MAKE MUSIC. NOT WAR. Seven-year-old Afghan student learns to play.
Photo by Noorullah Shirzada AFP Getty Images.


Our Paris friend Michael Herrman (Buoy LaRue) has also worked extensively with the Rock School Kabul students. Michael would be performing at tonight’s concert as well.
Photo by Michael Lewis.


Jerry had a little lamb. With cellist Robin Ryczek, co-founder of Rock School Kabul.


Ten action-packed days of music workshops and performances. What an incredible experience.


Showtime! Chris Kenna & Melissa Cox kick off the evening with a great mini-set, joined by Gerard McFadden on bass. Gerard and Melissa then accompanied Buoy LaRue for a sweet middle set.


Michael Lewis remarked on the origins and work of Rock School Kabul, translated to French by MC Marti. Then she passed the hat for donations and the audience responded generously.


Radio cab / Pulling away / I don’t want you to go / I want you to stay. That’s what I’m talkin’ about.


Such a treat to hear my friend Jerry sing in this town again. It had been ten years since the two Stockholm Syndrome shows at La Scène, not far from tonight’s venue: l’Angora.

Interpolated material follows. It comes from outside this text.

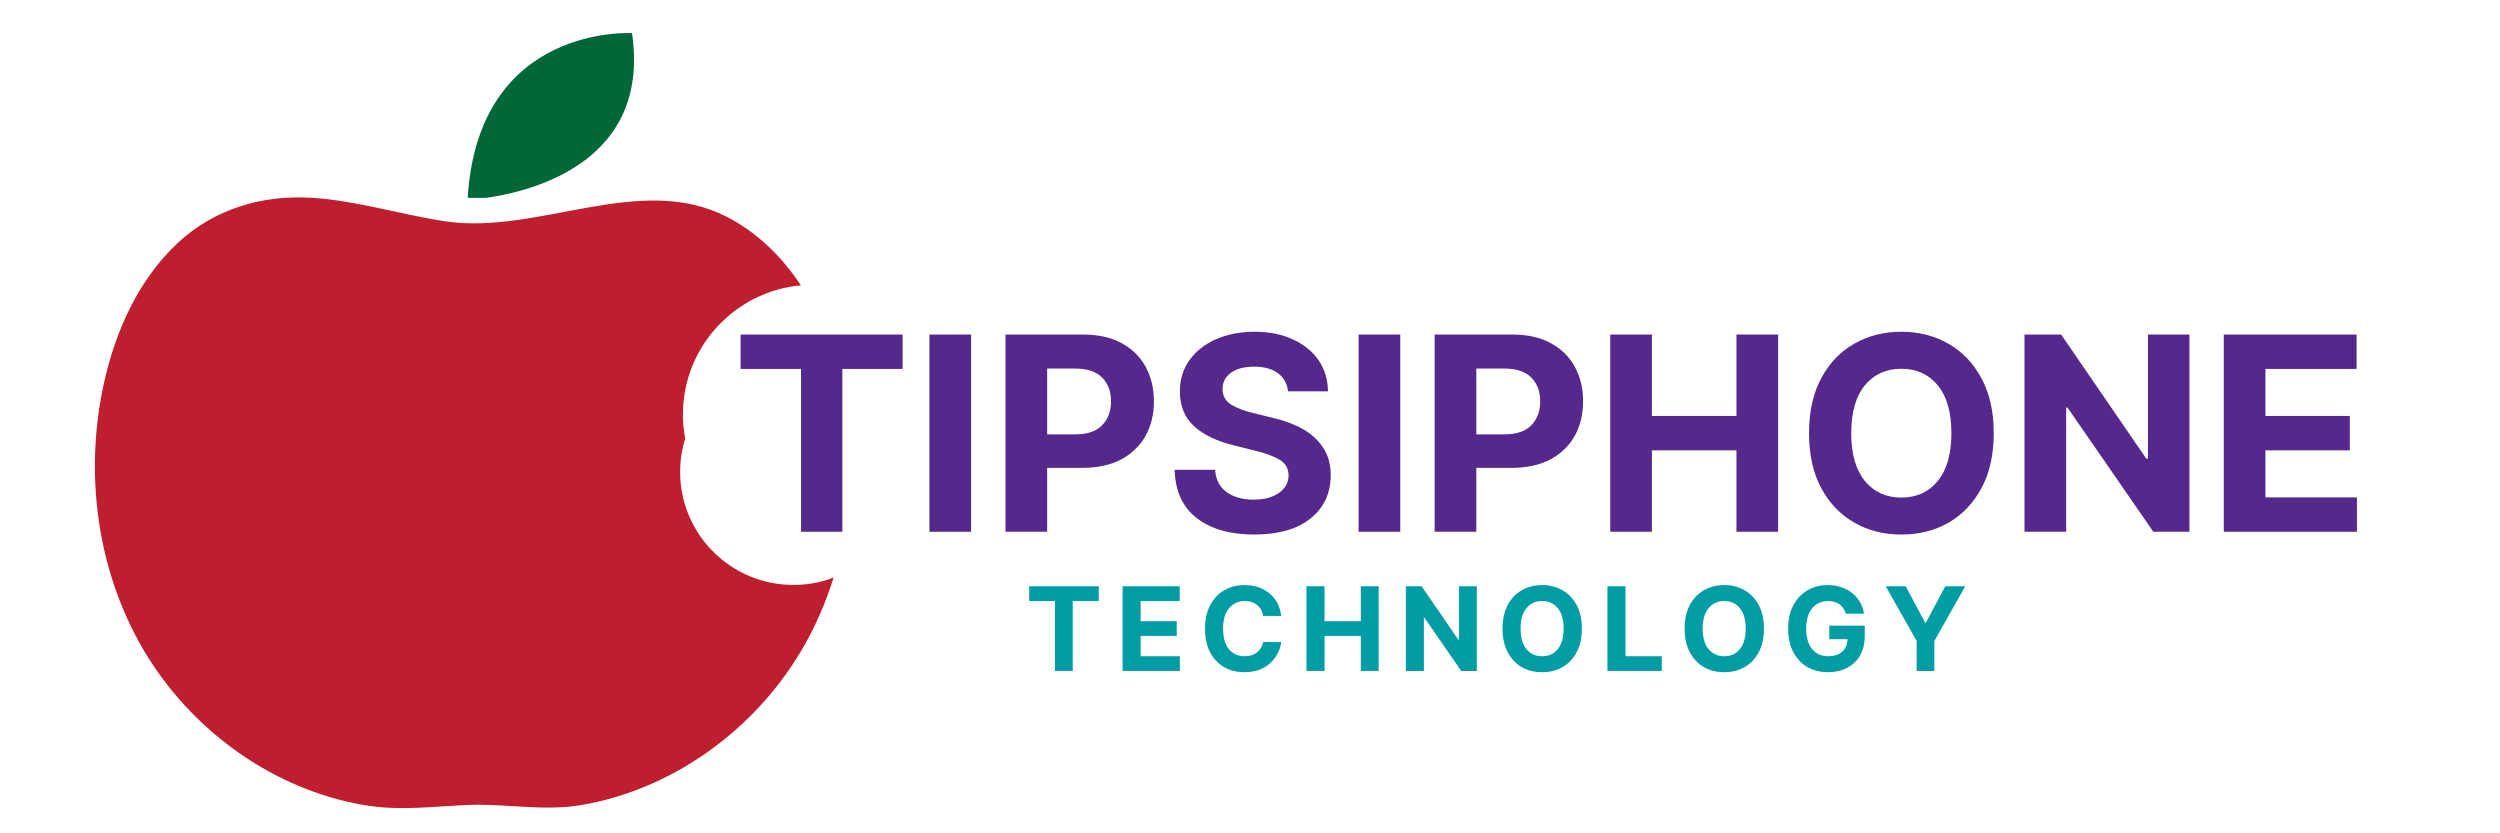 <svg xmlns="http://www.w3.org/2000/svg" xmlns:xlink="http://www.w3.org/1999/xlink" width="300" zoomAndPan="magnify" viewBox="0 0 224.88 75" height="100" preserveAspectRatio="xMidYMid meet" version="1.0"><defs><g/><clipPath id="edcfdb655a"><path d="M 8 17.727 L 74.961 17.727 L 74.961 73 L 8 73 Z M 8 17.727 " clip-rule="nonzero"/></clipPath><clipPath id="839610eff7"><path d="M 27 17.727 L 43 17.727 L 43 18 L 27 18 Z M 27 17.727 " clip-rule="nonzero"/></clipPath><clipPath id="1f80206dab"><path d="M 9.965 17 L 77 17 L 77 17.809 L 9.965 17.809 Z M 9.965 17 " clip-rule="nonzero"/></clipPath><clipPath id="123f17be3d"><path d="M 42 2.066 L 58 2.066 L 58 17.809 L 42 17.809 Z M 42 2.066 " clip-rule="nonzero"/></clipPath></defs><g fill="#55298b" fill-opacity="1"><g transform="translate(65.736, 47.859)"><g><path d="M 0.859 -14.656 L 0.859 -17.75 L 15.438 -17.75 L 15.438 -14.656 L 10.016 -14.656 L 10.016 0 L 6.297 0 L 6.297 -14.656 Z M 0.859 -14.656 "/></g></g></g><g fill="#55298b" fill-opacity="1"><g transform="translate(82.042, 47.859)"><g><path d="M 5.297 -17.75 L 5.297 0 L 1.547 0 L 1.547 -17.75 Z M 5.297 -17.75 "/></g></g></g><g fill="#55298b" fill-opacity="1"><g transform="translate(88.887, 47.859)"><g><path d="M 1.547 0 L 1.547 -17.75 L 8.547 -17.75 C 9.891 -17.75 11.035 -17.492 11.984 -16.984 C 12.93 -16.473 13.656 -15.766 14.156 -14.859 C 14.656 -13.953 14.906 -12.91 14.906 -11.734 C 14.906 -10.555 14.648 -9.516 14.141 -8.609 C 13.629 -7.711 12.895 -7.008 11.938 -6.5 C 10.977 -6 9.816 -5.75 8.453 -5.75 L 5.297 -5.75 L 5.297 0 Z M 5.297 -8.766 L 7.844 -8.766 C 8.914 -8.766 9.719 -9.039 10.25 -9.594 C 10.781 -10.145 11.047 -10.859 11.047 -11.734 C 11.047 -12.617 10.781 -13.332 10.25 -13.875 C 9.719 -14.414 8.91 -14.688 7.828 -14.688 L 5.297 -14.688 Z M 5.297 -8.766 "/></g></g></g><g fill="#55298b" fill-opacity="1"><g transform="translate(104.69, 47.859)"><g><path d="M 11.172 -12.641 C 11.098 -13.336 10.797 -13.879 10.266 -14.266 C 9.742 -14.66 9.035 -14.859 8.141 -14.859 C 7.223 -14.859 6.516 -14.672 6.016 -14.297 C 5.523 -13.922 5.281 -13.445 5.281 -12.875 C 5.27 -12.238 5.539 -11.754 6.094 -11.422 C 6.656 -11.098 7.32 -10.848 8.094 -10.672 L 9.688 -10.281 C 10.719 -10.051 11.633 -9.719 12.438 -9.281 C 13.238 -8.844 13.867 -8.273 14.328 -7.578 C 14.785 -6.891 15.016 -6.051 15.016 -5.062 C 15.004 -3.445 14.395 -2.156 13.188 -1.188 C 11.977 -0.227 10.289 0.25 8.125 0.25 C 5.969 0.25 4.25 -0.238 2.969 -1.219 C 1.688 -2.207 1.02 -3.66 0.969 -5.578 L 4.609 -5.578 C 4.672 -4.68 5.02 -4.008 5.656 -3.562 C 6.289 -3.113 7.098 -2.891 8.078 -2.891 C 9.023 -2.891 9.785 -3.094 10.359 -3.5 C 10.93 -3.906 11.219 -4.43 11.219 -5.078 C 11.219 -5.68 10.957 -6.145 10.438 -6.469 C 9.914 -6.789 9.172 -7.066 8.203 -7.297 L 6.281 -7.781 C 4.781 -8.145 3.598 -8.711 2.734 -9.484 C 1.867 -10.266 1.438 -11.312 1.438 -12.625 C 1.438 -13.695 1.723 -14.633 2.297 -15.438 C 2.879 -16.25 3.676 -16.879 4.688 -17.328 C 5.707 -17.773 6.867 -18 8.172 -18 C 9.484 -18 10.629 -17.77 11.609 -17.312 C 12.598 -16.863 13.367 -16.238 13.922 -15.438 C 14.473 -14.633 14.754 -13.703 14.766 -12.641 Z M 11.172 -12.641 "/></g></g></g><g fill="#55298b" fill-opacity="1"><g transform="translate(120.667, 47.859)"><g><path d="M 5.297 -17.75 L 5.297 0 L 1.547 0 L 1.547 -17.75 Z M 5.297 -17.75 "/></g></g></g><g fill="#55298b" fill-opacity="1"><g transform="translate(127.512, 47.859)"><g><path d="M 1.547 0 L 1.547 -17.75 L 8.547 -17.75 C 9.891 -17.75 11.035 -17.492 11.984 -16.984 C 12.93 -16.473 13.656 -15.766 14.156 -14.859 C 14.656 -13.953 14.906 -12.91 14.906 -11.734 C 14.906 -10.555 14.648 -9.516 14.141 -8.609 C 13.629 -7.711 12.895 -7.008 11.938 -6.5 C 10.977 -6 9.816 -5.75 8.453 -5.75 L 5.297 -5.75 L 5.297 0 Z M 5.297 -8.766 L 7.844 -8.766 C 8.914 -8.766 9.719 -9.039 10.25 -9.594 C 10.781 -10.145 11.047 -10.859 11.047 -11.734 C 11.047 -12.617 10.781 -13.332 10.25 -13.875 C 9.719 -14.414 8.91 -14.688 7.828 -14.688 L 5.297 -14.688 Z M 5.297 -8.766 "/></g></g></g><g fill="#55298b" fill-opacity="1"><g transform="translate(143.316, 47.859)"><g><path d="M 1.547 0 L 1.547 -17.75 L 5.297 -17.75 L 5.297 -10.422 L 12.906 -10.422 L 12.906 -17.75 L 16.656 -17.75 L 16.656 0 L 12.906 0 L 12.906 -7.328 L 5.297 -7.328 L 5.297 0 Z M 1.547 0 "/></g></g></g><g fill="#55298b" fill-opacity="1"><g transform="translate(161.519, 47.859)"><g><path d="M 17.859 -8.875 C 17.859 -6.938 17.488 -5.285 16.75 -3.922 C 16.02 -2.566 15.031 -1.531 13.781 -0.812 C 12.531 -0.102 11.117 0.25 9.547 0.25 C 7.961 0.25 6.547 -0.109 5.297 -0.828 C 4.047 -1.547 3.055 -2.582 2.328 -3.938 C 1.598 -5.301 1.234 -6.945 1.234 -8.875 C 1.234 -10.812 1.598 -12.457 2.328 -13.812 C 3.055 -15.176 4.047 -16.211 5.297 -16.922 C 6.547 -17.641 7.961 -18 9.547 -18 C 11.117 -18 12.531 -17.641 13.781 -16.922 C 15.031 -16.211 16.02 -15.176 16.75 -13.812 C 17.488 -12.457 17.859 -10.812 17.859 -8.875 Z M 14.047 -8.875 C 14.047 -10.758 13.633 -12.195 12.812 -13.188 C 12 -14.176 10.91 -14.672 9.547 -14.672 C 8.18 -14.672 7.086 -14.176 6.266 -13.188 C 5.441 -12.195 5.031 -10.758 5.031 -8.875 C 5.031 -7 5.441 -5.562 6.266 -4.562 C 7.086 -3.57 8.18 -3.078 9.547 -3.078 C 10.91 -3.078 12 -3.57 12.812 -4.562 C 13.633 -5.562 14.047 -7 14.047 -8.875 Z M 14.047 -8.875 "/></g></g></g><g fill="#55298b" fill-opacity="1"><g transform="translate(180.598, 47.859)"><g><path d="M 16.391 -17.75 L 16.391 0 L 13.141 0 L 5.422 -11.172 L 5.297 -11.172 L 5.297 0 L 1.547 0 L 1.547 -17.75 L 4.844 -17.75 L 12.5 -6.594 L 12.656 -6.594 L 12.656 -17.75 Z M 16.391 -17.75 "/></g></g></g><g fill="#55298b" fill-opacity="1"><g transform="translate(198.533, 47.859)"><g><path d="M 1.547 0 L 1.547 -17.75 L 13.5 -17.75 L 13.5 -14.656 L 5.297 -14.656 L 5.297 -10.422 L 12.891 -10.422 L 12.891 -7.328 L 5.297 -7.328 L 5.297 -3.094 L 13.531 -3.094 L 13.531 0 Z M 1.547 0 "/></g></g></g><g clip-path="url(#edcfdb655a)"><path fill="#be1e2d" d="M 74.961 51.984 C 74.25 54.273 73.289 56.477 72.062 58.547 C 67.828 65.711 60.461 71.062 52.238 72.457 C 48.879 73.027 45.586 72.324 42.227 72.441 C 38.977 72.562 35.977 73.012 32.715 72.457 C 24.492 71.062 17.133 65.711 12.891 58.547 C 8.656 51.379 7.496 42.562 9.305 34.438 C 10.344 29.754 12.41 25.176 15.91 21.891 C 19.203 18.805 23.535 17.523 27.996 17.801 C 32.105 18.059 36.051 19.336 40.109 19.93 C 48.383 21.133 57.562 15.5 65.355 19.516 C 68.113 20.934 70.32 23.121 72.02 25.68 C 66.066 26.227 61.402 31.227 61.402 37.309 C 61.402 38.047 61.469 38.766 61.605 39.461 C 61.316 40.414 61.152 41.422 61.152 42.473 C 61.152 48.09 65.719 52.645 71.352 52.645 C 72.629 52.645 73.844 52.414 74.961 51.984 Z M 74.961 51.984 " fill-opacity="1" fill-rule="nonzero"/></g><g clip-path="url(#839610eff7)"><path fill="#006838" d="M 42.609 17.766 C 42.609 17.766 25.707 17.137 27.809 2.766 C 27.809 2.766 41.742 1.887 42.609 17.766 Z M 42.609 17.766 " fill-opacity="1" fill-rule="nonzero"/></g><g fill="#029da4" fill-opacity="1"><g transform="translate(92.189, 60.389)"><g><path d="M 0.375 -6.297 L 0.375 -7.625 L 6.641 -7.625 L 6.641 -6.297 L 4.297 -6.297 L 4.297 0 L 2.703 0 L 2.703 -6.297 Z M 0.375 -6.297 "/></g></g></g><g fill="#029da4" fill-opacity="1"><g transform="translate(100.317, 60.389)"><g><path d="M 0.656 0 L 0.656 -7.625 L 5.797 -7.625 L 5.797 -6.297 L 2.281 -6.297 L 2.281 -4.484 L 5.531 -4.484 L 5.531 -3.156 L 2.281 -3.156 L 2.281 -1.328 L 5.812 -1.328 L 5.812 0 Z M 0.656 0 "/></g></g></g><g fill="#029da4" fill-opacity="1"><g transform="translate(107.861, 60.389)"><g><path d="M 7.391 -4.953 L 5.766 -4.953 C 5.703 -5.367 5.52 -5.695 5.219 -5.938 C 4.926 -6.176 4.562 -6.297 4.125 -6.297 C 3.531 -6.297 3.051 -6.078 2.688 -5.641 C 2.332 -5.211 2.156 -4.602 2.156 -3.812 C 2.156 -3 2.332 -2.379 2.688 -1.953 C 3.051 -1.535 3.523 -1.328 4.109 -1.328 C 4.535 -1.328 4.895 -1.438 5.188 -1.656 C 5.488 -1.883 5.68 -2.203 5.766 -2.609 L 7.391 -2.594 C 7.336 -2.133 7.172 -1.695 6.891 -1.281 C 6.617 -0.863 6.242 -0.523 5.766 -0.266 C 5.297 -0.016 4.734 0.109 4.078 0.109 C 3.398 0.109 2.789 -0.039 2.25 -0.344 C 1.719 -0.656 1.297 -1.102 0.984 -1.688 C 0.68 -2.27 0.531 -2.977 0.531 -3.812 C 0.531 -4.645 0.688 -5.352 1 -5.938 C 1.312 -6.52 1.734 -6.961 2.266 -7.266 C 2.805 -7.578 3.41 -7.734 4.078 -7.734 C 4.672 -7.734 5.203 -7.625 5.672 -7.406 C 6.141 -7.188 6.523 -6.867 6.828 -6.453 C 7.129 -6.047 7.316 -5.547 7.391 -4.953 Z M 7.391 -4.953 "/></g></g></g><g fill="#029da4" fill-opacity="1"><g transform="translate(116.866, 60.389)"><g><path d="M 0.656 0 L 0.656 -7.625 L 2.281 -7.625 L 2.281 -4.484 L 5.547 -4.484 L 5.547 -7.625 L 7.156 -7.625 L 7.156 0 L 5.547 0 L 5.547 -3.156 L 2.281 -3.156 L 2.281 0 Z M 0.656 0 "/></g></g></g><g fill="#029da4" fill-opacity="1"><g transform="translate(125.809, 60.389)"><g><path d="M 7.047 -7.625 L 7.047 0 L 5.641 0 L 2.328 -4.797 L 2.281 -4.797 L 2.281 0 L 0.656 0 L 0.656 -7.625 L 2.078 -7.625 L 5.375 -2.828 L 5.438 -2.828 L 5.438 -7.625 Z M 7.047 -7.625 "/></g></g></g><g fill="#029da4" fill-opacity="1"><g transform="translate(134.636, 60.389)"><g><path d="M 7.672 -3.812 C 7.672 -2.977 7.516 -2.27 7.203 -1.688 C 6.891 -1.102 6.461 -0.656 5.922 -0.344 C 5.379 -0.039 4.77 0.109 4.094 0.109 C 3.414 0.109 2.805 -0.039 2.266 -0.344 C 1.734 -0.656 1.312 -1.102 1 -1.688 C 0.688 -2.281 0.531 -2.988 0.531 -3.812 C 0.531 -4.645 0.688 -5.352 1 -5.938 C 1.312 -6.52 1.734 -6.961 2.266 -7.266 C 2.805 -7.578 3.414 -7.734 4.094 -7.734 C 4.77 -7.734 5.379 -7.578 5.922 -7.266 C 6.461 -6.961 6.891 -6.52 7.203 -5.938 C 7.516 -5.352 7.672 -4.645 7.672 -3.812 Z M 6.031 -3.812 C 6.031 -4.625 5.852 -5.238 5.5 -5.656 C 5.156 -6.082 4.688 -6.297 4.094 -6.297 C 3.508 -6.297 3.039 -6.082 2.688 -5.656 C 2.332 -5.238 2.156 -4.625 2.156 -3.812 C 2.156 -3.008 2.332 -2.395 2.688 -1.969 C 3.039 -1.539 3.508 -1.328 4.094 -1.328 C 4.688 -1.328 5.156 -1.539 5.5 -1.969 C 5.852 -2.395 6.031 -3.008 6.031 -3.812 Z M 6.031 -3.812 "/></g></g></g><g fill="#029da4" fill-opacity="1"><g transform="translate(143.953, 60.389)"><g><path d="M 0.656 0 L 0.656 -7.625 L 2.281 -7.625 L 2.281 -1.328 L 5.547 -1.328 L 5.547 0 Z M 0.656 0 "/></g></g></g><g fill="#029da4" fill-opacity="1"><g transform="translate(151.025, 60.389)"><g><path d="M 7.672 -3.812 C 7.672 -2.977 7.516 -2.27 7.203 -1.688 C 6.891 -1.102 6.461 -0.656 5.922 -0.344 C 5.379 -0.039 4.77 0.109 4.094 0.109 C 3.414 0.109 2.805 -0.039 2.266 -0.344 C 1.734 -0.656 1.312 -1.102 1 -1.688 C 0.688 -2.281 0.531 -2.988 0.531 -3.812 C 0.531 -4.645 0.688 -5.352 1 -5.938 C 1.312 -6.52 1.734 -6.961 2.266 -7.266 C 2.805 -7.578 3.414 -7.734 4.094 -7.734 C 4.77 -7.734 5.379 -7.578 5.922 -7.266 C 6.461 -6.961 6.891 -6.52 7.203 -5.938 C 7.516 -5.352 7.672 -4.645 7.672 -3.812 Z M 6.031 -3.812 C 6.031 -4.625 5.852 -5.238 5.5 -5.656 C 5.156 -6.082 4.688 -6.297 4.094 -6.297 C 3.508 -6.297 3.039 -6.082 2.688 -5.656 C 2.332 -5.238 2.156 -4.625 2.156 -3.812 C 2.156 -3.008 2.332 -2.395 2.688 -1.969 C 3.039 -1.539 3.508 -1.328 4.094 -1.328 C 4.688 -1.328 5.156 -1.539 5.5 -1.969 C 5.852 -2.395 6.031 -3.008 6.031 -3.812 Z M 6.031 -3.812 "/></g></g></g><g fill="#029da4" fill-opacity="1"><g transform="translate(160.343, 60.389)"><g><path d="M 5.719 -5.156 C 5.613 -5.52 5.426 -5.801 5.156 -6 C 4.883 -6.195 4.539 -6.297 4.125 -6.297 C 3.539 -6.297 3.066 -6.082 2.703 -5.656 C 2.336 -5.227 2.156 -4.613 2.156 -3.812 C 2.156 -3.02 2.332 -2.406 2.688 -1.969 C 3.051 -1.539 3.535 -1.328 4.141 -1.328 C 4.672 -1.328 5.086 -1.461 5.391 -1.734 C 5.703 -2.016 5.863 -2.391 5.875 -2.859 L 4.234 -2.859 L 4.234 -4.078 L 7.422 -4.078 L 7.422 -3.125 C 7.422 -2.457 7.281 -1.879 7 -1.391 C 6.719 -0.91 6.328 -0.539 5.828 -0.281 C 5.336 -0.02 4.77 0.109 4.125 0.109 C 3.414 0.109 2.789 -0.047 2.25 -0.359 C 1.707 -0.68 1.285 -1.133 0.984 -1.719 C 0.68 -2.301 0.531 -3 0.531 -3.812 C 0.531 -4.633 0.688 -5.336 1 -5.922 C 1.312 -6.504 1.738 -6.953 2.281 -7.266 C 2.82 -7.578 3.426 -7.734 4.094 -7.734 C 4.664 -7.734 5.188 -7.625 5.656 -7.406 C 6.125 -7.188 6.504 -6.883 6.797 -6.5 C 7.098 -6.113 7.285 -5.664 7.359 -5.156 Z M 5.719 -5.156 "/></g></g></g><g fill="#029da4" fill-opacity="1"><g transform="translate(169.438, 60.389)"><g><path d="M 0.219 -7.625 L 2.016 -7.625 L 3.766 -4.344 L 3.828 -4.344 L 5.578 -7.625 L 7.375 -7.625 L 4.594 -2.703 L 4.594 0 L 3 0 L 3 -2.703 Z M 0.219 -7.625 "/></g></g></g><g clip-path="url(#1f80206dab)"><path fill="#be1e2d" d="M 9.672 52.203 C 10.383 54.488 11.344 56.695 12.57 58.766 C 16.805 65.926 24.172 71.281 32.395 72.676 C 35.754 73.242 39.047 72.543 42.406 72.66 C 45.656 72.777 48.66 73.227 51.918 72.676 C 60.141 71.281 67.5 65.926 71.742 58.766 C 75.977 51.598 77.137 42.777 75.328 34.656 C 74.289 29.973 72.223 25.395 68.723 22.109 C 65.43 19.02 61.098 17.738 56.637 18.02 C 52.527 18.277 48.582 19.551 44.523 20.145 C 36.25 21.348 27.07 15.715 19.277 19.734 C 16.523 21.152 14.312 23.336 12.613 25.898 C 18.566 26.445 23.23 31.445 23.23 37.527 C 23.23 38.266 23.164 38.98 23.027 39.68 C 23.32 40.629 23.48 41.641 23.48 42.688 C 23.48 48.309 18.914 52.863 13.281 52.863 C 12.008 52.863 10.789 52.633 9.672 52.203 Z M 9.672 52.203 " fill-opacity="1" fill-rule="nonzero"/></g><g clip-path="url(#123f17be3d)"><path fill="#006838" d="M 42.023 17.98 C 42.023 17.98 58.926 17.352 56.824 2.984 C 56.824 2.984 42.891 2.102 42.023 17.98 Z M 42.023 17.98 " fill-opacity="1" fill-rule="nonzero"/></g></svg>

We’re gonna try to make a Jerry Joseph & The Jackmormoms Paris gig happen on the fall Europe tour.


After show dinner at the Maldoror, hosted by our favorite Mom & Pop unreconstructed anarchists Françoise and Joël. Jerry, Michael Lewis, Michael Herrman, Abby, Nathalie, Marti and me. When poor Nathalie tried to pay with tickets restaurant (government-subsidized lunch coupons), Joël shouted, “FUCK les tickets restaurant!” Oh, okay. Gotta love this guy.



THURSDAY JUNE 5, 2014 – Off to the airport to rendezvous with his sidekick Michael and wing back to the Pacific Northwest. To say we’d had a rollicking good time together would be an understatement.


Many hours later. Arrival at PDX.
Photo by Jerry.


I asked you nicely to get your head off my left tit.